Your “thoughts” are applying his solution to the wrong problem. “Start small and stay small” I’m not sure what that even means. Are you saying every service has to grow to some size or required amount of compute? LOL
The 100ms extra time is nothing. I mean - are you trying to solve at Google or Amazon scale?
I run simple Lambdas that read from some SNS topics, apply some transforms and add metadata to the message, and route it somewhere else. I get bursts of traffic at specific peak times. That’s the use case and it works well. The annoying part is Cloud Formation templates but that’s another topic.
You’re making some bizarre assumptions. Not everything is front end user facing.
Let’s say I’m processing messages off a queue. P90 @ 50ms vs p90 at 100ms doesn’t necessarily make a difference. What are my downstream dependencies? What difference does it make to them?

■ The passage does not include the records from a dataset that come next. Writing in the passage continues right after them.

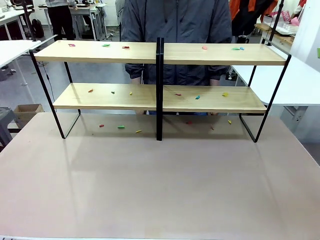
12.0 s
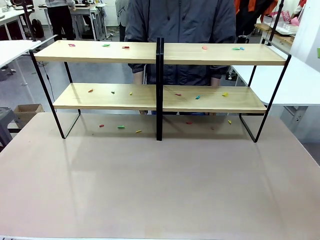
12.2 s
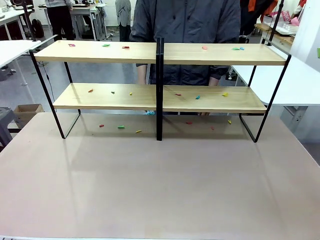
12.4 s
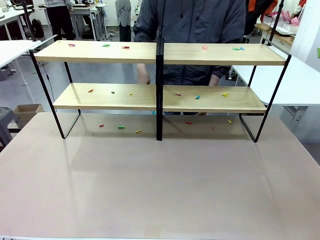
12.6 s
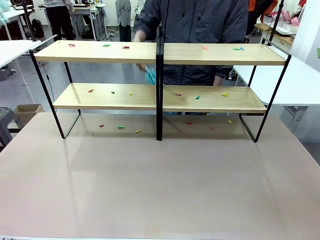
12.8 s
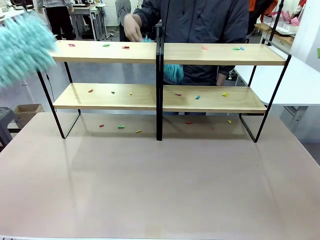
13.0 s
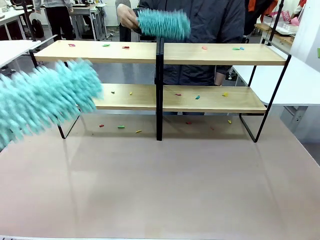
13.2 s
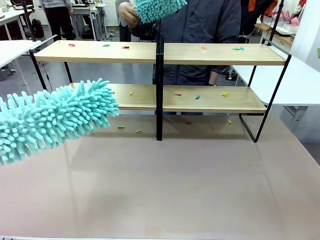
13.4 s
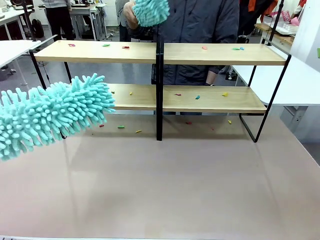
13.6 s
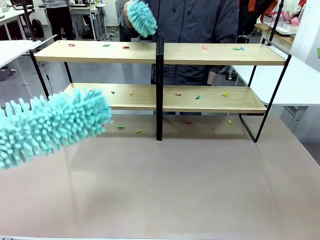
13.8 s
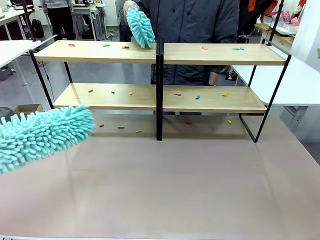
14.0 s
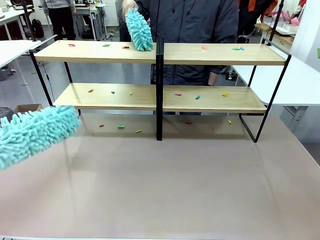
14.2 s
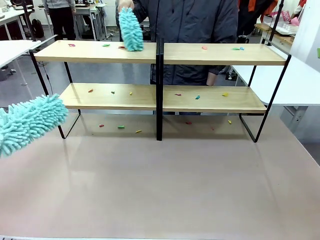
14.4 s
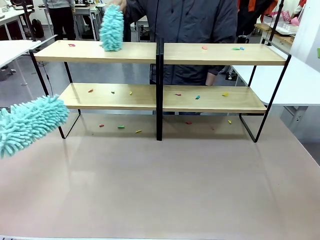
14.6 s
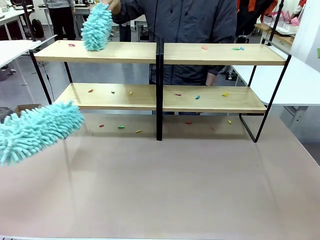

At the end of the day, value is what you care about - not necessarily chasing a metric because lower is absolutely better. What’s the cost of another x milliseconds of latency considering other trade offs (on going operational burden, extensibility, simplicity, scalability, ease of support etc etc).
If 50 ms latency means I can have a solution that can auto scale to massive spikes in traffic due to seasonality or time of day vs a reduction of that latency but I have to spend time capacity planning hardware and potentially holding extra capacity “just in case”, then again, optimizing for a single metric is pointless.
The 100ms extra time is nothing. I mean - are you trying to solve at Google or Amazon scale?
I run simple Lambdas that read from some SNS topics, apply some transforms and add metadata to the message, and route it somewhere else. I get bursts of traffic at specific peak times. That’s the use case and it works well. The annoying part is Cloud Formation templates but that’s another topic.